◆ Task requirements
Retype the listing exactly; omit pictures.

◆ Data supplied
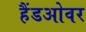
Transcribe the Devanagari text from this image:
हैंडओवर
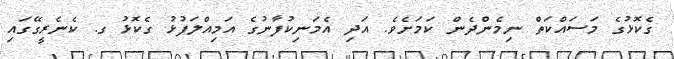
ގެކޮޅުގެ މަސައްކަތް ނިމެންދެން ކަމަށެވެ. އަދި އެމަނިކުފާނުގެ އަމިއްލަފުޅު ގެކޮޅު ގ. ކެނެރީގޭގައި
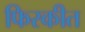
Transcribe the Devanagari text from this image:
फिरकीत
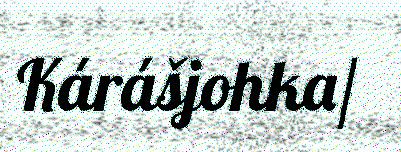
Kárášjohka/
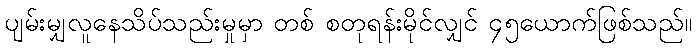
ပျမ်းမျှလူနေသိပ်သည်းမှုမှာ တစ် စတုရန်းမိုင်လျှင် ၄၅ယောက်ဖြစ်သည်။
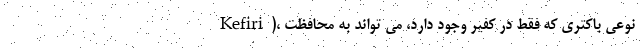
Kefiri)، نوعی باکتری که فقط در کفیر وجود دارد، می تواند به محافظت
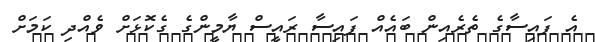
އެ ފައިސާގެ ތެރެއިން ބައެއް ފައިސާ ރައީސް ޔާމީންގެ ގެކޮޅަށް ވެއްދި ކަމަށް
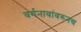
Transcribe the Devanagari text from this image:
वर्गनावांवरुनच
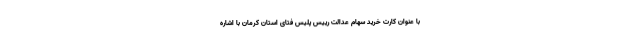
با عنوان کارت خرید سهام عدالت رییس پلیس فتای استان کرمان با اشاره
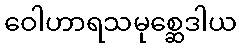
ဝေါဟာရသမုစ္ဆေဒါယ
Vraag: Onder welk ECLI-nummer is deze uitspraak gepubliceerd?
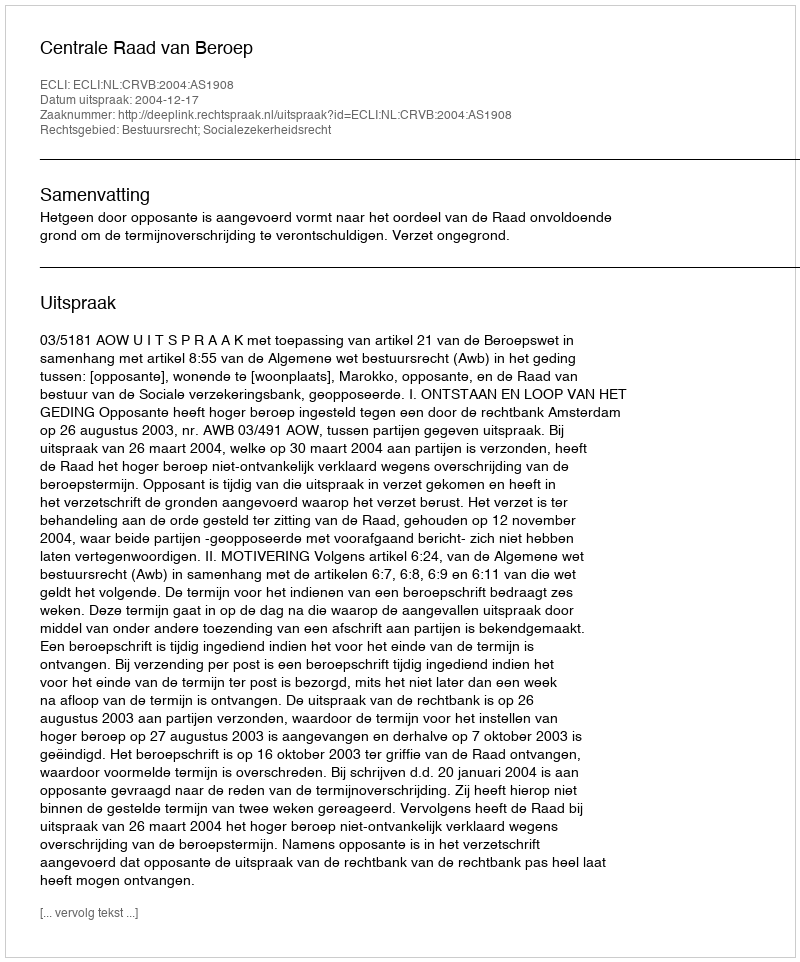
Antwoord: ECLI:NL:CRVB:2004:AS1908
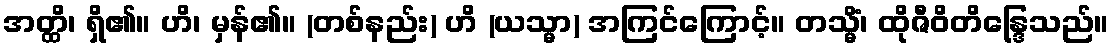
အတ္ထိ၊ ရှိ၏။ ဟိ၊ မှန်၏။ (တစ်နည်း) ဟိ (ယသ္မာ) အကြင်ကြောင့်။ တသ္မိံ၊ ထိုဇီဝိတိန္ဒြေသည်။
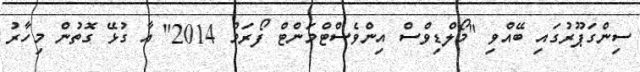
ސިންގަޕޫރުގައި ބޭއްވި "މޯލްޑިވްސް އިންވެސްޓްމަންޓް ފޯރަމް 2014" އާ ގުޅޭ ގޮތުން މިހާރު
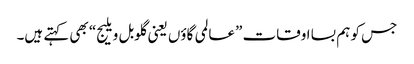
جس کو ہم بسا اوقات ”عالمی گاؤں یعنی گلوبل ویلیج“ بھی کہتے ہیں۔
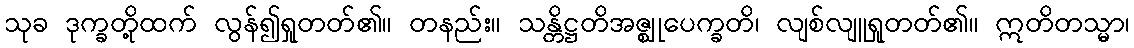
သုခ ဒုက္ခတို့ထက် လွန်၍ရှုတတ်၏။ တနည်း။ သန္တိဋ္ဌတိအဇ္ဈုပေက္ခတိ၊ လျစ်လျူရှုတတ်၏။ ဣတိတသ္မာ၊
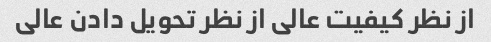
از نظر کیفیت عالی از نظر تحویل دادن عالی
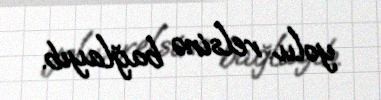
yolu relsinə bağlayıb.

◆ Task response
Transcribe the Devanagari text from this image:
हैंडओवर
ގެކޮޅުގެ މަސައްކަތް ނިމެންދެން ކަމަށެވެ. އަދި އެމަނިކުފާނުގެ އަމިއްލަފުޅު ގެކޮޅު ގ. ކެނެރީގޭގައި
Transcribe the Devanagari text from this image:
फिरकीत
Kárášjohka/
ပျမ်းမျှလူနေသိပ်သည်းမှုမှာ တစ် စတုရန်းမိုင်လျှင် ၄၅ယောက်ဖြစ်သည်။
Kefiri)، نوعی باکتری که فقط در کفیر وجود دارد، می تواند به محافظت
އެ ފައިސާގެ ތެރެއިން ބައެއް ފައިސާ ރައީސް ޔާމީންގެ ގެކޮޅަށް ވެއްދި ކަމަށް
Transcribe the Devanagari text from this image:
वर्गनावांवरुनच
با عنوان کارت خرید سهام عدالت رییس پلیس فتای استان کرمان با اشاره
ဝေါဟာရသမုစ္ဆေဒါယ
Vraag: Onder welk ECLI-nummer is deze uitspraak gepubliceerd?
Antwoord: ECLI:NL:CRVB:2004:AS1908
အတ္ထိ၊ ရှိ၏။ ဟိ၊ မှန်၏။ (တစ်နည်း) ဟိ (ယသ္မာ) အကြင်ကြောင့်။ တသ္မိံ၊ ထိုဇီဝိတိန္ဒြေသည်။
ސިންގަޕޫރުގައި ބޭއްވި "މޯލްޑިވްސް އިންވެސްޓްމަންޓް ފޯރަމް 2014" އާ ގުޅޭ ގޮތުން މިހާރު
جس کو ہم بسا اوقات ”عالمی گاؤں یعنی گلوبل ویلیج“ بھی کہتے ہیں۔
သုခ ဒုက္ခတို့ထက် လွန်၍ရှုတတ်၏။ တနည်း။ သန္တိဋ္ဌတိအဇ္ဈုပေက္ခတိ၊ လျစ်လျူရှုတတ်၏။ ဣတိတသ္မာ၊
از نظر کیفیت عالی از نظر تحویل دادن عالی
yolu relsinə bağlayıb.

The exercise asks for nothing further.